Royal Philharmonic Orchestra, Vasily Petrenko

Biografie

Es ist die Mission des Royal Philharmonic Orchestra (RPO), das Leben der Menschen zu bereichern, indem es ihnen Erlebnisse bietet, die von kompromissloser Vorzüglichkeit und allumfassendem Reiz geprägt sind; damit steht es an vorderster Stelle in der Musikwelt von Großbritannien, aber auch auf internationaler Ebene. Das Orchester gibt in der Regel etwa 200 Konzerte pro Jahr und erreicht so – direkt oder online – mehr als 60 Millionen Zuhörer weltweit. Es ist stolz auf sein vielfältiges Repertoire und spricht ein breites Publikum an. Priorität hat die künstlerische Integrität, doch zögert das RPO auch nicht, Grenzen zu überschreiten. Es macht sich ebenso gut bei Aufnahmen der Original-Soundtracks von Videospielen, Filmen und Fernsehsendungen und der Zusammenarbeit mit Stars der Popmusik wie auf Welttourneen, bei denen es die großen symphonischen Werke spielt.

In seiner Geschichte konnte das RPO immer wieder die interessantesten Musiker als Partner gewinnen. Im August 2021 hatte das Orchester das Vergnügen, Vasily Petrenko als neuen Chefdirigenten willkommen zu heißen. Zu den herausragenden Momenten der letzten Jahre gehören das prestigeträchtige Galakonzert zum 75. Bestehen des RPO (mit Sheku Kanneh-Mason, Mitglied des Britischen Verdienstordens, und Sir Bryn Terfel), die Aufführung von Mahlers drei Chorsymphonien in der Royal Albert Hall und Werken von Elgar und Rachmaninow in der Royal Festival Hall des Southbank Centre, Konzerte bei den BBC Proms und beim Internationalen Festival von Edinburgh, bedeutende Tourneen durch die USA, Japan, Deutschland und Spanien sowie die Beteiligung an vielen wichtigen europäischen Festivals.
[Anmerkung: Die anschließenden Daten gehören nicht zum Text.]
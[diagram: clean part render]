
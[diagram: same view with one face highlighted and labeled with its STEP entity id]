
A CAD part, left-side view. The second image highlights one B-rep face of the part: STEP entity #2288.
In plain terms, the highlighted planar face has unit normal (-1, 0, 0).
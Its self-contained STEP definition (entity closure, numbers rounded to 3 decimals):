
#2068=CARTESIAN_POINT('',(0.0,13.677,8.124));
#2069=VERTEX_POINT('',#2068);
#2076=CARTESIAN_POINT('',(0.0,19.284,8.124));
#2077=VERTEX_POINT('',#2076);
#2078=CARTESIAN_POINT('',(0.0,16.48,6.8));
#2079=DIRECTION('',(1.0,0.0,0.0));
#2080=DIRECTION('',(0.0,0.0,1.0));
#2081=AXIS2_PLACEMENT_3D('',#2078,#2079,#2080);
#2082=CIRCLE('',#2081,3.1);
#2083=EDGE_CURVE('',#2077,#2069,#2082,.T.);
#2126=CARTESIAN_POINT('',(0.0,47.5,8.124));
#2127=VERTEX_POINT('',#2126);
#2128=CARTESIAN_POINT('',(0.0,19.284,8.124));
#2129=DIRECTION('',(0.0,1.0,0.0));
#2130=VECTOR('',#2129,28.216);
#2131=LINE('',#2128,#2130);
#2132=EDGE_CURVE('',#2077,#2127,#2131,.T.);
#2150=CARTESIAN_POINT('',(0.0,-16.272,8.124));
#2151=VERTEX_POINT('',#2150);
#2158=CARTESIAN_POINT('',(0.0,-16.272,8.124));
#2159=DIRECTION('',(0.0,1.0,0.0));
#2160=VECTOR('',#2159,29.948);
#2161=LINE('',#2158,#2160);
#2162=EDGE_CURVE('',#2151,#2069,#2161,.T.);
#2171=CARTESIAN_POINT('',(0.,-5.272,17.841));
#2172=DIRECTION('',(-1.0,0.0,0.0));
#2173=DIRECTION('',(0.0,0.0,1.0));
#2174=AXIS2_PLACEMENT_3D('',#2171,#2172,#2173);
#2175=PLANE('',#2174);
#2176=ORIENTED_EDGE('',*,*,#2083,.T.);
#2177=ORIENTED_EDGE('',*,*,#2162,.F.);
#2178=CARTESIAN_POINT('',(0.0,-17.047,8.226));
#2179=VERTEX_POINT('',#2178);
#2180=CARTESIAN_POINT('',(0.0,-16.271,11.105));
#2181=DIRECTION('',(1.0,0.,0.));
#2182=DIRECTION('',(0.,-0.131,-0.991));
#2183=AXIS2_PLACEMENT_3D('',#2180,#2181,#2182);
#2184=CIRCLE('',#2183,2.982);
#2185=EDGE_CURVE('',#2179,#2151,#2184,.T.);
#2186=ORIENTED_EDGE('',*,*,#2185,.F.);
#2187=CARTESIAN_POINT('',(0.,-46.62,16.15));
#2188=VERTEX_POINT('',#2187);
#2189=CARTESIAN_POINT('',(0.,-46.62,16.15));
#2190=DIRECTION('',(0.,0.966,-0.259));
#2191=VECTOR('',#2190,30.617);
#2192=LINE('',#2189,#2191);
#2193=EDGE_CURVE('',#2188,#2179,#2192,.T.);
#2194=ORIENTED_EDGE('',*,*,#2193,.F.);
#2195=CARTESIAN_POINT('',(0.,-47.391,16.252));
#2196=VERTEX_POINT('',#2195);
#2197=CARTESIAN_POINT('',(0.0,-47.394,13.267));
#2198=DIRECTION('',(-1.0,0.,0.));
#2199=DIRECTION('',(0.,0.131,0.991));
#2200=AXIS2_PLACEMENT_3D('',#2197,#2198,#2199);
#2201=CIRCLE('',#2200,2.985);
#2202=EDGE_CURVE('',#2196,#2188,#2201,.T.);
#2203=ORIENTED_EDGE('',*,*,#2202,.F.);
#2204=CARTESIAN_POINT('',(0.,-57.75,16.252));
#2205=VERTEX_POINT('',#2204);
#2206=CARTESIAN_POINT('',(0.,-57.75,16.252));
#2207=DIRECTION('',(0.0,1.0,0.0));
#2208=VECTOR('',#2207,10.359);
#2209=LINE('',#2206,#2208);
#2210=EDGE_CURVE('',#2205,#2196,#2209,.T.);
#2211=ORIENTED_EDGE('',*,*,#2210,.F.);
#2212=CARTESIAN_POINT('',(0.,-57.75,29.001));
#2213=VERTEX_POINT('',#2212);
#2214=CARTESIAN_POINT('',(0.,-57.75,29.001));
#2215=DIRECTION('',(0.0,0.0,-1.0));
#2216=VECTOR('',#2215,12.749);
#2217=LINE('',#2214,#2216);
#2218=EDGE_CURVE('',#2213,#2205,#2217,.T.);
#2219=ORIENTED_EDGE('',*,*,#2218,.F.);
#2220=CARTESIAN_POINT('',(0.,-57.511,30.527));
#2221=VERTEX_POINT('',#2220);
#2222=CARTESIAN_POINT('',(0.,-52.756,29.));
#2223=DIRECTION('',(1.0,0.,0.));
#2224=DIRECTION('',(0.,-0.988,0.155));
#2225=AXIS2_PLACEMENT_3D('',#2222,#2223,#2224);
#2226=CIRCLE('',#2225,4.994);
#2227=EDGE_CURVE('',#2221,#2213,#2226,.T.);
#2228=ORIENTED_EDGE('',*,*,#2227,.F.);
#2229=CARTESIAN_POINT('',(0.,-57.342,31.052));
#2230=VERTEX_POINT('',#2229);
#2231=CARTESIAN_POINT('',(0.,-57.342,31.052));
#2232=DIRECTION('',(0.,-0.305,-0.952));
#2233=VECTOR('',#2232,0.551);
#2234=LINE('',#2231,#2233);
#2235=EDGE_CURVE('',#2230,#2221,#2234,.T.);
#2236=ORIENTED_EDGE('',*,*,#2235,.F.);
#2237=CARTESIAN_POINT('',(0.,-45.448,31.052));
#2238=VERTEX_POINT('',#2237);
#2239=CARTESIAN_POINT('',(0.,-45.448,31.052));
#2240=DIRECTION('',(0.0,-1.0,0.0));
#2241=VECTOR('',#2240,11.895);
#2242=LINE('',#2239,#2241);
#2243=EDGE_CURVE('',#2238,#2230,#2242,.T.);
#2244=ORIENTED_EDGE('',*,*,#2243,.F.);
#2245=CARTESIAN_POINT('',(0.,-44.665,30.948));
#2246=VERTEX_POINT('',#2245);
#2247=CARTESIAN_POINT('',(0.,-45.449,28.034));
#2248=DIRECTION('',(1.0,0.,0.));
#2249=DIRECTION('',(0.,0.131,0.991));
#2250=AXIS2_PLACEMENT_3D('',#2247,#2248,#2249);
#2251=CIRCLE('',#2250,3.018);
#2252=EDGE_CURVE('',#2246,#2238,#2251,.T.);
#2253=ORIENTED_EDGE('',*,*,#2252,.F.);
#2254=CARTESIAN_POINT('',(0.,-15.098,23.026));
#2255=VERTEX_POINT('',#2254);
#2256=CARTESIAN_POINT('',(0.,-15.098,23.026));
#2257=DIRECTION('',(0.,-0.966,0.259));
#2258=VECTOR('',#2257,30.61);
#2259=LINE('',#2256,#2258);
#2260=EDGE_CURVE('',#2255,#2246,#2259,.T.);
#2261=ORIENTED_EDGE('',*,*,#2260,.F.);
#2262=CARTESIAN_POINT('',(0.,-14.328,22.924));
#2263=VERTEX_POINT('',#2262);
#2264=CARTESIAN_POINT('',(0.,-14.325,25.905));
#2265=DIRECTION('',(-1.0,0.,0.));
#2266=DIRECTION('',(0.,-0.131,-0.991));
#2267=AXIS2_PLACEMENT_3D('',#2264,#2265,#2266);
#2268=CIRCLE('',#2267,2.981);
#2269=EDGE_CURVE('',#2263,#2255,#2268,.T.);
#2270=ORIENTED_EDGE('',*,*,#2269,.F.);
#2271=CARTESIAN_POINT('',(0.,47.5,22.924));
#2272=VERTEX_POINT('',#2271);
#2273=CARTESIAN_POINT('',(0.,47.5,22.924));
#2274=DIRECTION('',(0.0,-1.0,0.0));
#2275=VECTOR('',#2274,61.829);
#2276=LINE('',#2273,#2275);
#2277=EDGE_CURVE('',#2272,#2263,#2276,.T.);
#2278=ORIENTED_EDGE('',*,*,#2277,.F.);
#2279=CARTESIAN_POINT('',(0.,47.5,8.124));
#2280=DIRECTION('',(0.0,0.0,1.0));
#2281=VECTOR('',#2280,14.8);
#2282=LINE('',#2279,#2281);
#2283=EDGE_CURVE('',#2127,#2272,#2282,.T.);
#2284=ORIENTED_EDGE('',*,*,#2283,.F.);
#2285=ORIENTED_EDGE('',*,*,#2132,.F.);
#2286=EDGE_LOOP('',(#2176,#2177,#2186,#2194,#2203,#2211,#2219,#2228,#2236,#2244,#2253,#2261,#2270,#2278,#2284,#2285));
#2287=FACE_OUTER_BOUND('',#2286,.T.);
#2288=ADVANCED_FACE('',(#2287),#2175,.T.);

Das RPO gilt als das gefragteste Orchester von Großbritannien, eine Errungenschaft, über die sich Sir Thomas Beecham, der das Orchester 1946 gründete, gefreut hätte. Neben zahlreichen nationalen und internationalen Konzerten spielt das Orchester alljährlich in der Royal Albert Hall von London (wo es „Associated orchestra“ ist), in der Royal Festival Hall des Southbank Centre und in der Cadogan Hall, wo es seine 20. Saison als Residenzorchester feiern kann. In der Spielzeit 2024/25 vertieften sich Vasily Petrenko und das RPO für Lights in the Dark in die Werke von Komponisten, die große Herausforderungen meisterten, um einige ihrer schönsten Schöpfungen zu schaffen. So sind in dieser Reihe, welche die Kraft feiert, mit der die Musik einen und inspirieren kann, Meisterwerke zu hören wie Le Sacre du printemps von Strawinsky, das Konzert für Orchester von Bartók, die „Leningrader Symphonie“ von Schostakowitsch, die Vierte Symphonie von Tschaikowski und die Alpensymphonie von Strauss. In derselben Saison wurden auch „ungezwungene“ Konzerte angeboten, es gab Residenzen in verschiedenen Sälen im ganzen Land, eine große Tournee nach Deutschland und Österreich sowie Konzerte in weiteren Regionen von Europa und die Zusammenarbeit mit Musikern wie dem Ersten Co-Dirigenten Alexander Shelley, dem Partner-Komponisten Joe Hisaishi, den Solisten Jeneba Kanneh-Mason, Paul Lewis, Yunchan Lim, Eric Lu, Liya Petrova, Maxim Vengerov, Roderick Williams (Officer des britischen Verdienstordens), Esther Yoo und dem „Artist in Residence“ Johan Dalene.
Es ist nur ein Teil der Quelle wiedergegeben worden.